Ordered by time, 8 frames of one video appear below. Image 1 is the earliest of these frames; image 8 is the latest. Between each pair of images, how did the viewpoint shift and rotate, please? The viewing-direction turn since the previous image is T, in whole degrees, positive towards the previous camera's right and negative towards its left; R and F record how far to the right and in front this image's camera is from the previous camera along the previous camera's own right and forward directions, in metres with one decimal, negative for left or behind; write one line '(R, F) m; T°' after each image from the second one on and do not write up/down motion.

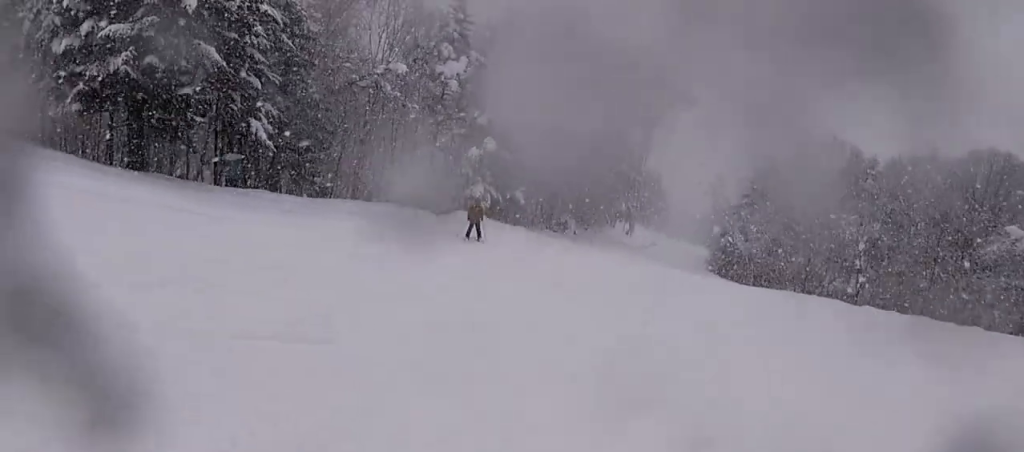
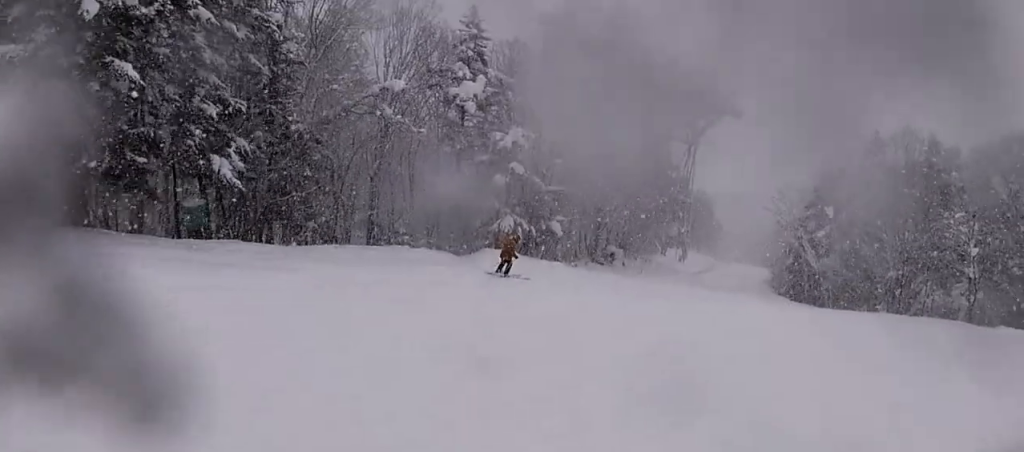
(-1.0, +5.4) m; -12°
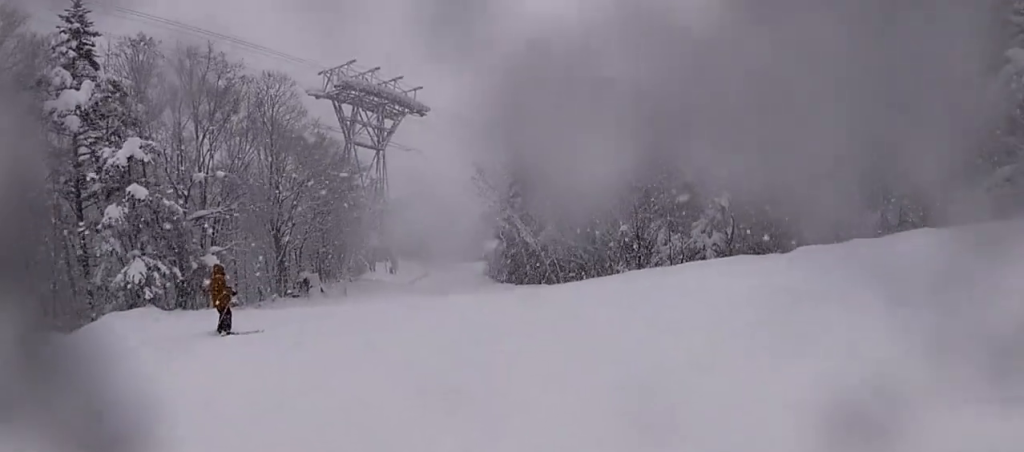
(-0.1, +7.2) m; -1°
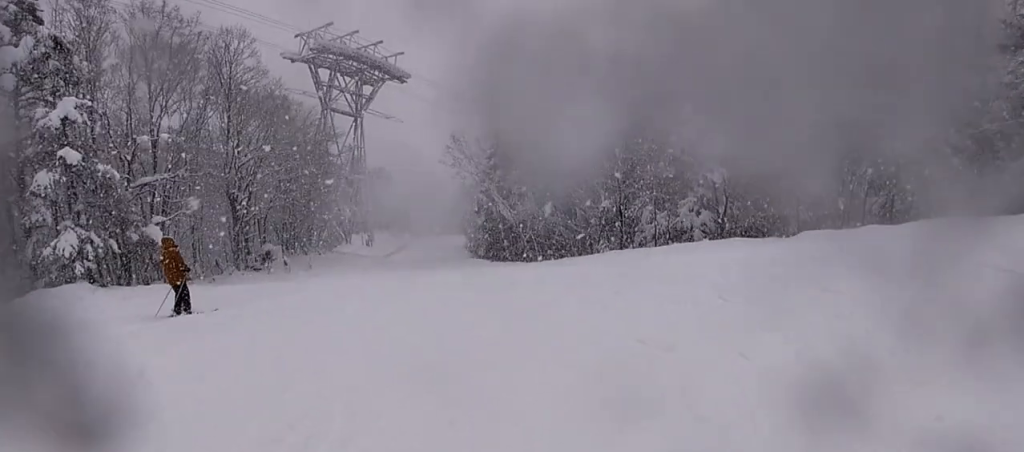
(0.0, +2.3) m; 0°
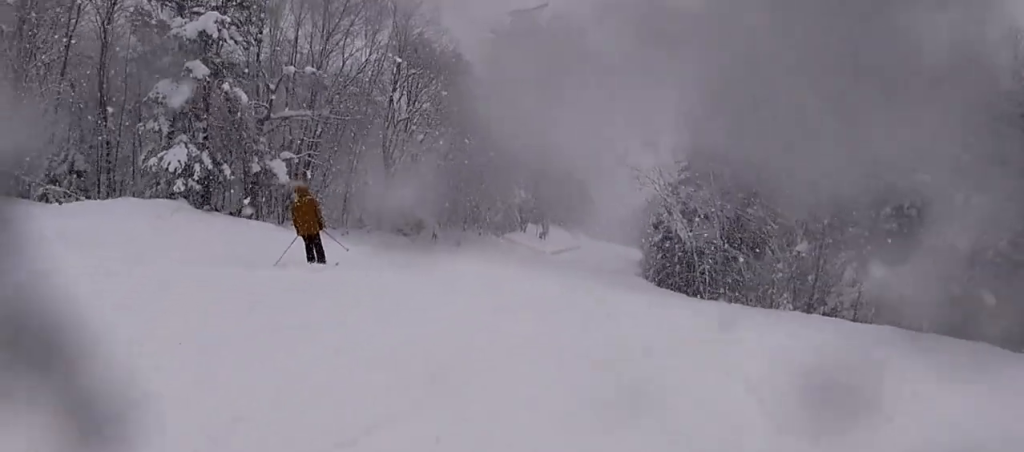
(0.0, +4.3) m; 0°
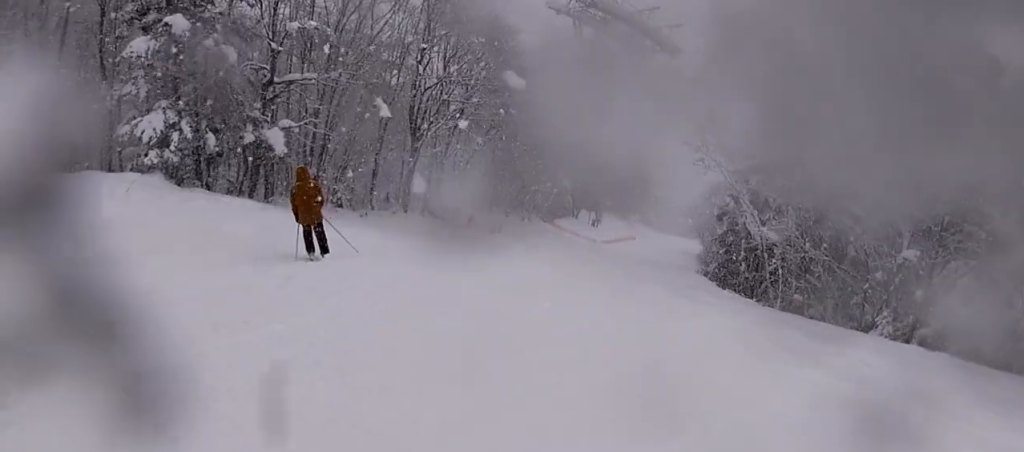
(0.0, +3.8) m; 0°
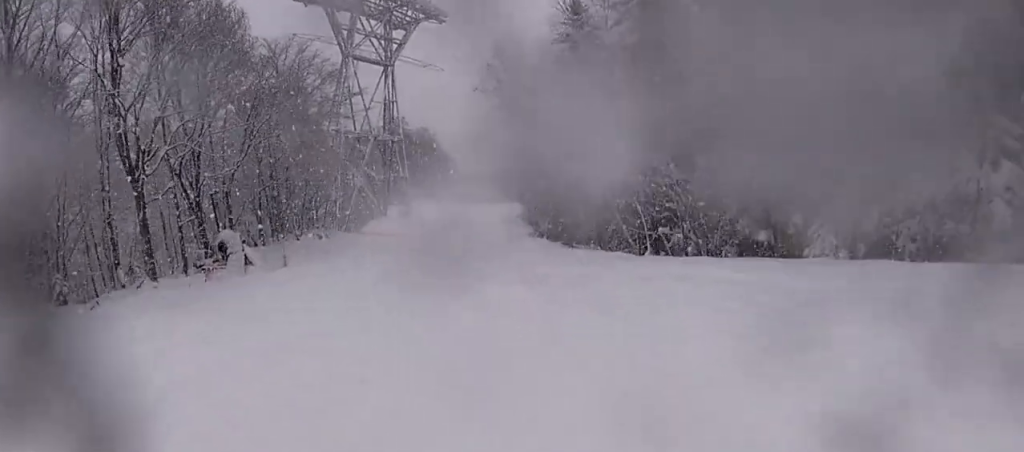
(0.0, +6.4) m; 0°
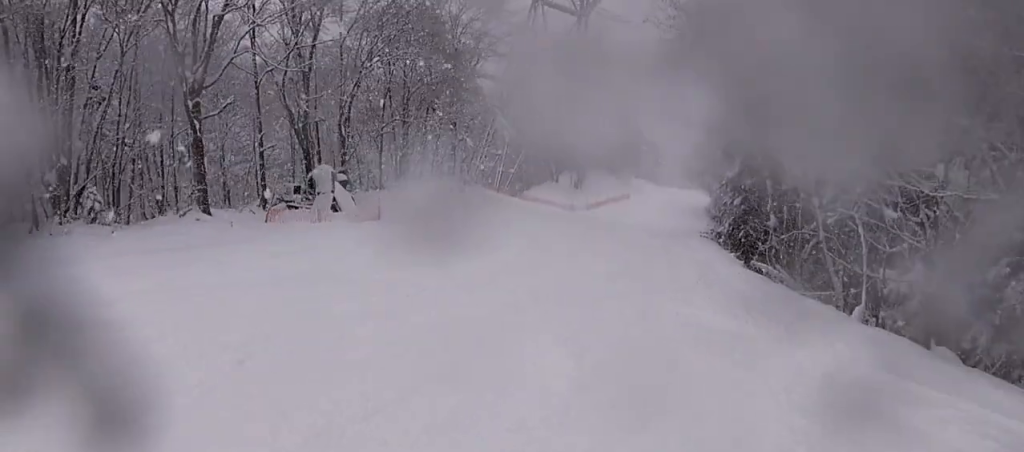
(0.0, +7.2) m; -2°

——————————

- **What is expected**
Excluding the images, return each record above precisely as written.

- **Exercise response**
Ordered by time, 8 frames of one video appear below. Image 1 is the earliest of these frames; image 8 is the latest. Between each pair of images, how did the viewpoint shift and rotate, please? The viewing-direction turn since the previous image is T, in whole degrees, positive towards the previous camera's right and negative towards its left; R and F record how far to the right and in front this image's camera is from the previous camera along the previous camera's own right and forward directions, in metres with one decimal, negative for left or behind; write one line '(R, F) m; T°' after each image from the second one on and do not write up/down motion.

(-1.0, +5.4) m; -12°
(-0.1, +7.2) m; -1°
(0.0, +2.3) m; 0°
(0.0, +4.3) m; 0°
(0.0, +3.8) m; 0°
(0.0, +6.4) m; 0°
(0.0, +7.2) m; -2°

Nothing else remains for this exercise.